* **Required work**
Images are to be omitted, and the rest of the records reproduced exactly.

* **Provided data**
********************

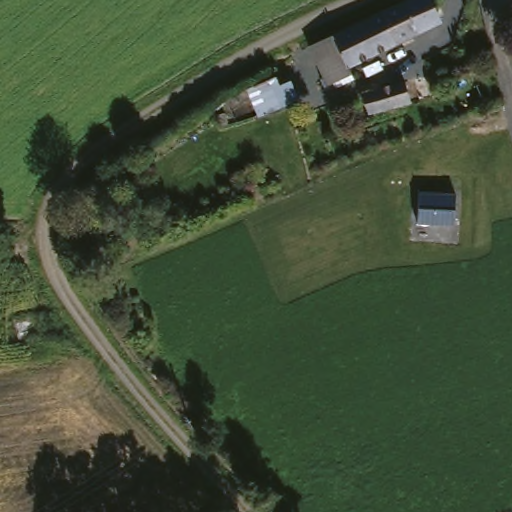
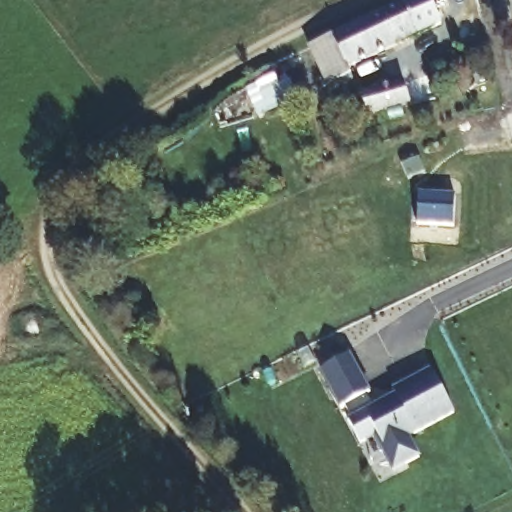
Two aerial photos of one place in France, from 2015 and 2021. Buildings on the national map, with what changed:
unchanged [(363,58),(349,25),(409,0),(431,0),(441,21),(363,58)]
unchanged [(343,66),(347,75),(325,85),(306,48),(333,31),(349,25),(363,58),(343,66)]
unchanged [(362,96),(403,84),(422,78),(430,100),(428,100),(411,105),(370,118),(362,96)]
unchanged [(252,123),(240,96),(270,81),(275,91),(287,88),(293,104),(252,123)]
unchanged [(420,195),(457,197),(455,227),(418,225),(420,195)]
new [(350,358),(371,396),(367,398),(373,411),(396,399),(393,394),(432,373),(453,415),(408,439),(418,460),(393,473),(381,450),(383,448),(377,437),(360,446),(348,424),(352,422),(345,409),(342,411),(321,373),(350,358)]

********************

* **Result of this exercise**
Two aerial photos of one place in France, from 2015 and 2021. Buildings on the national map, with what changed:
unchanged [(363,58),(349,25),(409,0),(431,0),(441,21),(363,58)]
unchanged [(343,66),(347,75),(325,85),(306,48),(333,31),(349,25),(363,58),(343,66)]
unchanged [(362,96),(403,84),(422,78),(430,100),(428,100),(411,105),(370,118),(362,96)]
unchanged [(252,123),(240,96),(270,81),(275,91),(287,88),(293,104),(252,123)]
unchanged [(420,195),(457,197),(455,227),(418,225),(420,195)]
new [(350,358),(371,396),(367,398),(373,411),(396,399),(393,394),(432,373),(453,415),(408,439),(418,460),(393,473),(381,450),(383,448),(377,437),(360,446),(348,424),(352,422),(345,409),(342,411),(321,373),(350,358)]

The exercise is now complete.